Models & Tables they populate-

  1. merge_requests: This model deals with the data related to Merge Requests(MR) of a project. The tables populated are mentioned below-

    1.1. pull_requests: The data relating to each MR is stored in this table.

    1.2. pull_request_labels: Stores Labels of each MR.

    1.3. pull_request_assignees: Stores the assignees of the MR.

    1.4. pull_request_reviewers: Stores the list of all possible reviewers for the MR.

    1.5. pull_request_events: Events like merged, closed, etc for each MR with their timestamp are stored in this table.

    1.6. pull_request_meta: Stores meta data of the MR, like the info of the base.

    1.7. pull_request_message_ref: Stores reference data for each message.

    1.8. pull_request_repo: Stores the data related to the project to which the MR belongs.

    1.9. message: Stores the messages on the MR thread.

    1.10: contributors: Stores the information related to each contributor of the project. Its implementation is in the base worker class. query_gitlab_contributors

  2. merge_request_commits: This model deals with the commit data of each MR-

    2.1. pull_request_commits: Commits and their details are stored in this table along with the MR ID for mapping.

  3. merge_request_files: This model deals with the details of changes made in a file.

    3.1. pull_request_files: Stores details of changes made in each file

This worker has an architecture same as the Pull Request Worker. Whenever you send a task for any model, it hits the API endpoints to fetch the data. Duplicates are ignored and only upsert operations (Update/Insert) are performed. The tables in which the data is populated are common for both Github Pull Request Worker & Gitlab Merge Request Worker. The tables and the columns are made with respect to the Github API naming and logic as initially Augur only supported Github worker.

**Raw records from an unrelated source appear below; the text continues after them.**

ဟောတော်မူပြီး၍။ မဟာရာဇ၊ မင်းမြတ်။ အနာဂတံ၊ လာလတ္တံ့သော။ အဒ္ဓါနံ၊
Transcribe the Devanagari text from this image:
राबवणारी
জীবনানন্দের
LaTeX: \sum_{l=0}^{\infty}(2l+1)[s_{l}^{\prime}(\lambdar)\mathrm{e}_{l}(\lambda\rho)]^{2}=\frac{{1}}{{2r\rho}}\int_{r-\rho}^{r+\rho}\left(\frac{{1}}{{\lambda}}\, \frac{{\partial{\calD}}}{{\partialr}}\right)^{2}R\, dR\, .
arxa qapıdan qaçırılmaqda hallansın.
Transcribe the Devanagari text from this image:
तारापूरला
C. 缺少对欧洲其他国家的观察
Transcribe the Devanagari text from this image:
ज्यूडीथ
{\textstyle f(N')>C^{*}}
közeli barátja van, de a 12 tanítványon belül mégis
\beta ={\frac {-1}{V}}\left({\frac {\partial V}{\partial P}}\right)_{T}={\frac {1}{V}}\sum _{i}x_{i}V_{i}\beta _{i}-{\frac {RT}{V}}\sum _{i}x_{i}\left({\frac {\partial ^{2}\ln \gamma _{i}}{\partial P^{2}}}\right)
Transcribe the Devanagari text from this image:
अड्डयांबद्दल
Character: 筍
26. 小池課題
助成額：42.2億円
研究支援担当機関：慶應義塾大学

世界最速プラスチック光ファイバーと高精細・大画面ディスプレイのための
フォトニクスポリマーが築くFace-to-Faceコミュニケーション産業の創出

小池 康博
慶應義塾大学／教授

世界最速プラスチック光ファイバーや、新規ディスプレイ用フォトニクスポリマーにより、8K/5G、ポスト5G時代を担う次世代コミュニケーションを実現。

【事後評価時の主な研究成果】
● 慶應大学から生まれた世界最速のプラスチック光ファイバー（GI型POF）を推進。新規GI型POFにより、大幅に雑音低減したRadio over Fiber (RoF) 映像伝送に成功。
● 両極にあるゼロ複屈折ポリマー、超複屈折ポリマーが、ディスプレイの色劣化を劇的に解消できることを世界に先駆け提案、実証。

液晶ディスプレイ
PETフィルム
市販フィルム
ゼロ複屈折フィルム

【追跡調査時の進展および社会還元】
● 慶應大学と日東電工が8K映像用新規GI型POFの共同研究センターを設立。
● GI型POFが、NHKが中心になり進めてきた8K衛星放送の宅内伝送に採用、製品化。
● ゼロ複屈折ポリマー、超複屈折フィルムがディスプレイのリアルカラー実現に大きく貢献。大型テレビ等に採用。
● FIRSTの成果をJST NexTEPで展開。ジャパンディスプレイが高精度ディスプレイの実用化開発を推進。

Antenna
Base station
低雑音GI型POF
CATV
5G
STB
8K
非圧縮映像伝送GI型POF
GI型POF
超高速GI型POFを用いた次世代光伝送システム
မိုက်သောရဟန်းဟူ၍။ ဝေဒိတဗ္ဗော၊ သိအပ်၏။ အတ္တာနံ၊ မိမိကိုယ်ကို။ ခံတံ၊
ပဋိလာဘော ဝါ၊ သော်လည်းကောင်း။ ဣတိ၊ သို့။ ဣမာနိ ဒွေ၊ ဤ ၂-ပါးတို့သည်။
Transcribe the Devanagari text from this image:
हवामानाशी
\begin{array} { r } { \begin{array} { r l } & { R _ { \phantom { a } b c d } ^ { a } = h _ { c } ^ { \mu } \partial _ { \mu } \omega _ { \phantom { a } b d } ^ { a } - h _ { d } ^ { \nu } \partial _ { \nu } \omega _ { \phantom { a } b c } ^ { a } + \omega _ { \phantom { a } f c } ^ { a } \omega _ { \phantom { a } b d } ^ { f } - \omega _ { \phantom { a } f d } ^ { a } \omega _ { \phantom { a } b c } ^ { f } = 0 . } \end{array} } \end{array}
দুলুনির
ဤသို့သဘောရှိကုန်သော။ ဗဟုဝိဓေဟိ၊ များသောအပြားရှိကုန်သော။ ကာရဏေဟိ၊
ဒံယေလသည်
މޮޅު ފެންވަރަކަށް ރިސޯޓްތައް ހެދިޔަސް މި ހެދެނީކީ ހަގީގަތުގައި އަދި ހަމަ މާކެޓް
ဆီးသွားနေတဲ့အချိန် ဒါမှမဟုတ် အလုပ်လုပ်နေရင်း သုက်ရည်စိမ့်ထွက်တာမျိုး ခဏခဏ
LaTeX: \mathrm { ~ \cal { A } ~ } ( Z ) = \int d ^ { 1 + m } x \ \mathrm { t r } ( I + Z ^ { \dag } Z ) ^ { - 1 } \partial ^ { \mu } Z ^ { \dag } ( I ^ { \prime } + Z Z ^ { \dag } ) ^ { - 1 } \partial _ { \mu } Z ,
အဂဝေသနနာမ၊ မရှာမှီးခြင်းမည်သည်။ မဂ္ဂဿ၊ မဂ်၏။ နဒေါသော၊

But it is easy to understand the mapping between the naming conventions of Github & Gitlab API.

There are only a few considerable differences between the APIs:

1. Project can be owned by a group of people in Gitlab while in Github, there is always a unique repo owner (basically the one who created the repo). Repo could be owned by an organization but the Github API values the repo creator and returns the creator as the unique owner. Although Gitlab doesn’t differentiate between the group of owners and the project creator, we explicitly store the Gitlab project creator as the unique owner.

2.Gitlab API returns the email addresses of closed Gitlab accounts but they don’t have a unique source id associated with them. They have a login/username which is enough for our use-case.

3.Gitlab allows 10X more requests per minute than Github API, so you may not need to store multiple API keys in the worker_oauth table.

Gitlab Issues Worker - Populated Models

  1. issues: This model deals with the data related to the issues of a project. The tables populated are mentioned below-

    1.1. issues: The data related to each issue(issue name, gitlab issue id, date_created, etc..) is stored in this table.

    1.2. issue_labels: Stores Labels of each issue.

    1.3. issues_assignees: Stores the assignees of the issue.

    1.4. issue_messages: Stores all of the comments associated with a particular issue.

    1.5. issue_events: Events like opened, closed, etc for each issue are stored in this table.

This worker has an architecture similar to that of the Gitlab Issues Worker. Whenever you send a task for issue collection, it hits the API endpoints to fetch the data. Duplicates are ignored and only upsert operations (Update/Insert) are performed. The issues model acts as a central repository for Github & Gitlab issue workers. Some of the columns present in the tables might be a bit off with respect to the Gitlab Worker, but easily perceptible.